Un taux de non remplacement des professeurs absents de 15 %, une sous-dotation en policiers et en magistrats, des délais d’attente à rallonge dans les CAF… La Seine-Saint-Denis n’est pas aussi bien traitée que les autres territoires. Le maire PCF de Montreuil, Patrice Bessac, espère aboutir à un projet de loi pour mieux observer ces injustices et y remédier.
Que révèle ce rapport que vous avez rendu public ?

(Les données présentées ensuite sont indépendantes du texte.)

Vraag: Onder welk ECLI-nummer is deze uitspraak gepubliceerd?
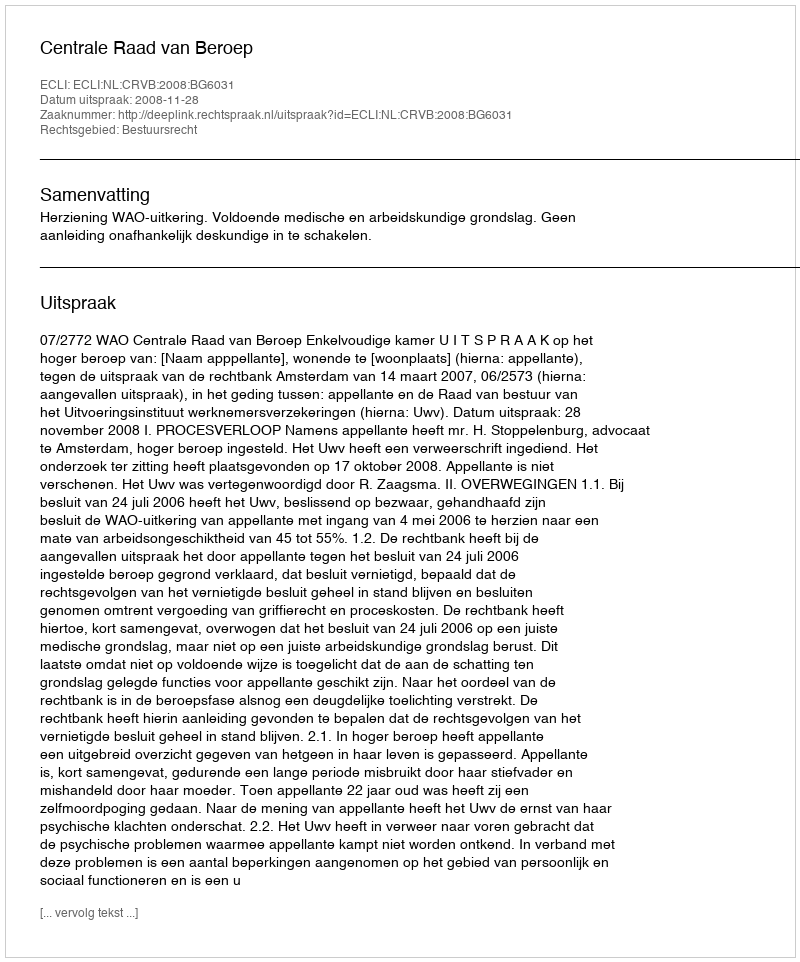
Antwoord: ECLI:NL:CRVB:2008:BG6031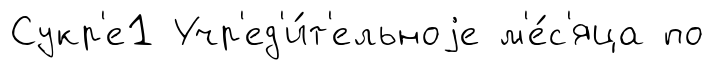
Сукр'е1 Учр'ед'и́т'ельноjе м'е́с'яца по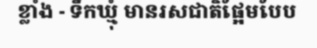
ខ្លាំង - ទឹកឃ្មុំ មានរសជាតិផ្អែមបែប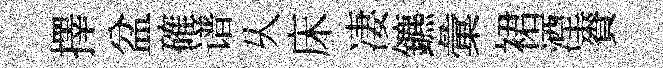
擇盆確谱乆床凄鑣彙裙湮賚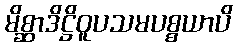
မိစ္ဆာဒိဋ္ဌိဝူပသမပစ္စယာပိ
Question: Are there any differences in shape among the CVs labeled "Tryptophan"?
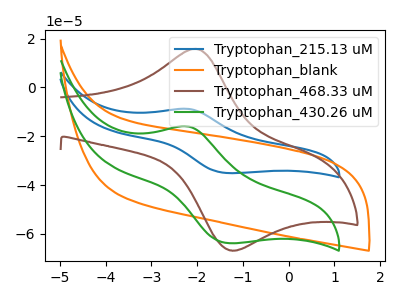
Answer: <think>The blue curve "Tryptophan_215.13 uM" has an anodic peak at (-2.20V, -8.80uA) and a cathodic peak at (-1.30V, -35.10uA). The orange curve "Tryptophan_blank" has no peaks. The brown curve "Tryptophan_468.33 uM" has an anodic peak at (-2.05V, 15.80uA) and a cathodic peak at (-1.30V, -66.75uA). The green curve "Tryptophan_430.26 uM" has an anodic peak at (-2.20V, -16.00uA) and a cathodic peak at (-1.30V, -63.80uA).
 "Tryptophan_215.13 uM" and "Tryptophan_blank" have a different number of peaks. "Tryptophan_215.13 uM" and "Tryptophan_468.33 uM" have at least one peak that do not match. All the peaks in "Tryptophan_215.13 uM" have a peak in "Tryptophan_430.26 uM" at the same potential. "Tryptophan_blank" and "Tryptophan_468.33 uM" have a different number of peaks. "Tryptophan_blank" and "Tryptophan_430.26 uM" have a different number of peaks. "Tryptophan_468.33 uM" and "Tryptophan_430.26 uM" have at least one peak that do not match.</think>
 <answer>All the CV's of "Tryptophan" have similar shape.</answer>
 <eval>follow_rule</eval>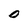
Character: O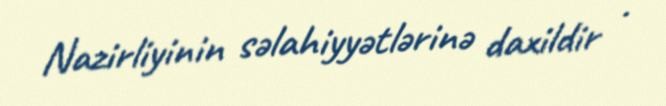
Nazirliyinin səlahiyyətlərinə daxildir .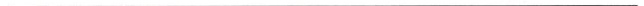
___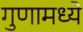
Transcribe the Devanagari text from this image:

La Seine-Saint-Denis est dans une situation inégalitaire. Les habitants de notre territoire sont moins égaux que d’autres devant les services publics fondamentaux. Après la mort de Nahel, des personnalités ont laissé entendre que l’on déversait un “pognon de dingue” sur la banlieue, en pure perte. Nous démontrons que non seulement nous n’avons pas plus que les autres, mais qu’en réalité nous avons moins qu’une bonne partie des départements français. Ce rapport vise à faire la clarté sur l’engagement de l’Etat en matière de droit commun. L’Etat traite les territoires avec une certaine persistance monarchique. De temps en temps, un ministre vient et annonce 10 postes par-ci, 10 postes par-là. Je veux donc construire une alliance, avec la France rurale et les départements qui sont comme nous en situation d’inégalité pour les mettre à jour. Nous voulons aboutir au dépôt d’une proposition de loi pour faire la transparence sur l’engagement réel de l’Etat et ses manquements.
Il n’est pas juste que les élus locaux et les citoyens ne puissent mesurer l’engagement réel de l’État sur des choses simples : le nombre d’enseignants, leur taux de remplacement, le nombre de policiers par 10 000 habitants… Ce sont des chiffres concrets qui permettent de constater l’égalité des territoires à l’échelle nationale. Le ministre de l’Intérieur Gérald Darmanin s’est déplacé à Montreuil en 2021. Il a reconnu que notre ville était défavorisée en nombre de policiers. Quatre ans après, nous en avons encore moins. Ce qui est valable pour la police nationale l’est aussi pour la CAF. Les personnes handicapées attendent en Seine-Saint-Denis six semaines pour avoir une réponse à leur demande. À Paris ou dans le Val-de-Marne, il ne faut que deux semaines et demies. Plus que de mots, nous avons besoin de transparence.
Que comptez-vous faire après la publication du rapport ? Demandez-vous à l’état de rattraper la situation ?
Nous soutenons avec l’ensemble des maires le plan de rattrapage de l’éducation nationale en Seine-Saint-Denis. Les enfants du département perdent en moyenne un mois de cours dans leur scolarité. C’est le produit direct d’une inégalité en terme de remplacement des professeurs. C’est une forme de redistribution à l’envers : on prend aux pauvres pour donner aux riches. Nous allons envoyer ce rapport à l’ensemble des parlementaires et des ministres pour alerter sur ce constat. En créant notre observatoire, notre ambition est de publier un rapport annuel pour mesurer les progressions dans la transparence et le rattrapage des inégalités.
D’autres rapports, dont celui du député Stéphane Peu ont déjà mis en lumière les inégalités. Pourquoi persiste cette légende sur le « pognon de dingue » déversé sur les banlieues ?
C’est lié à la discrimination à l’encontre des populations qui sont les plus précaires financièrement. Si la même situation avait lieu dans le 6e arrondissement, elle serait résolue en quatre jours en raison de l’endogamie entre les responsables politiques et administratifs qui les conduit à ne pas voir l’éléphant au milieu de la pièce : l’allocation inégalitaire des moyens de l’Etat en donnant davantage aux plus riches. Il y aussi une tactique politique qui consiste à jouer la confrontation avec les revendications des banlieues populaires. Il s’agit de diviser le champ politique entre banlieues et France profonde. Mais la France rurale et périurbaine affronte les mêmes phénomènes que la France de la Seine-Saint-Denis. C’est pour cela que la publication de chiffres est une condition pour établir un débat politique normal. Notre département est la destination principale du tourisme ministériel. Nous recevons plus d’une centaine de visites ministérielles chaque année. A chaque fois, je leur remettrai le rapport en leur précisant qu’au-delà des déclarations sur X, nous avons besoin qu’ils fassent leur travail sur les services fondamentaux de l’état.